━━━━━ Provided records

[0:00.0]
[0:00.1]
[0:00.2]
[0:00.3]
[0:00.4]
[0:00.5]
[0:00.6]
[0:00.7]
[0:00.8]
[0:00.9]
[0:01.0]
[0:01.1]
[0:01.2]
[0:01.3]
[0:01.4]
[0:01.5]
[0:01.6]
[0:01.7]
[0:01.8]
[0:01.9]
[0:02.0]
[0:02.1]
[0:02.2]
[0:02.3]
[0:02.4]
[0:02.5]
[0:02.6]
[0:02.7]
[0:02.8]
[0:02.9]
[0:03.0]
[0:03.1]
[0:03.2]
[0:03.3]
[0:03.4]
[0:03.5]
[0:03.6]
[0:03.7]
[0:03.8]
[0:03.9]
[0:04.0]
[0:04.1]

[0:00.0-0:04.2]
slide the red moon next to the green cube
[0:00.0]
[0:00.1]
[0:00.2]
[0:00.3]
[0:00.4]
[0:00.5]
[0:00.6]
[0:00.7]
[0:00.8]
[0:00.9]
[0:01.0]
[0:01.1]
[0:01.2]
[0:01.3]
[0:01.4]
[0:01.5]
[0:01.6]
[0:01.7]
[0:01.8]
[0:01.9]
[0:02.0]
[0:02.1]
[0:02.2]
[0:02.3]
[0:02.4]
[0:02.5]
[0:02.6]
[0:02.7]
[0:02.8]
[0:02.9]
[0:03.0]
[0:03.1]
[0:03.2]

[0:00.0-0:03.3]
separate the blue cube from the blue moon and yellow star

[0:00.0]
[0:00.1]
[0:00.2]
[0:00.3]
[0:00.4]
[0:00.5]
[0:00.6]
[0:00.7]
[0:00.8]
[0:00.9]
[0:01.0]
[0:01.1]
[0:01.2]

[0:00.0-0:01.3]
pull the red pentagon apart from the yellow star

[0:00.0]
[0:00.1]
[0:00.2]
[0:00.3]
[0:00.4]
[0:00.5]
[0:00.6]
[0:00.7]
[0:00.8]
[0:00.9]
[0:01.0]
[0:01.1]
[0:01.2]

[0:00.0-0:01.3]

━━━━━━━━━━

## About this task:
What is needed is an exact copy of all the entries.

## Answer to this task:
[0:00.0]
[0:00.1]
[0:00.2]
[0:00.3]
[0:00.4]
[0:00.5]
[0:00.6]
[0:00.7]
[0:00.8]
[0:00.9]
[0:01.0]
[0:01.1]
[0:01.2]
[0:01.3]
[0:01.4]
[0:01.5]
[0:01.6]
[0:01.7]
[0:01.8]
[0:01.9]
[0:02.0]
[0:02.1]
[0:02.2]
[0:02.3]
[0:02.4]
[0:02.5]
[0:02.6]
[0:02.7]
[0:02.8]
[0:02.9]
[0:03.0]
[0:03.1]
[0:03.2]
[0:03.3]
[0:03.4]
[0:03.5]
[0:03.6]
[0:03.7]
[0:03.8]
[0:03.9]
[0:04.0]
[0:04.1]

[0:00.0-0:04.2]
slide the red moon next to the green cube
[0:00.0]
[0:00.1]
[0:00.2]
[0:00.3]
[0:00.4]
[0:00.5]
[0:00.6]
[0:00.7]
[0:00.8]
[0:00.9]
[0:01.0]
[0:01.1]
[0:01.2]
[0:01.3]
[0:01.4]
[0:01.5]
[0:01.6]
[0:01.7]
[0:01.8]
[0:01.9]
[0:02.0]
[0:02.1]
[0:02.2]
[0:02.3]
[0:02.4]
[0:02.5]
[0:02.6]
[0:02.7]
[0:02.8]
[0:02.9]
[0:03.0]
[0:03.1]
[0:03.2]

[0:00.0-0:03.3]
separate the blue cube from the blue moon and yellow star

[0:00.0]
[0:00.1]
[0:00.2]
[0:00.3]
[0:00.4]
[0:00.5]
[0:00.6]
[0:00.7]
[0:00.8]
[0:00.9]
[0:01.0]
[0:01.1]
[0:01.2]

[0:00.0-0:01.3]
pull the red pentagon apart from the yellow star

[0:00.0]
[0:00.1]
[0:00.2]
[0:00.3]
[0:00.4]
[0:00.5]
[0:00.6]
[0:00.7]
[0:00.8]
[0:00.9]
[0:01.0]
[0:01.1]
[0:01.2]

[0:00.0-0:01.3]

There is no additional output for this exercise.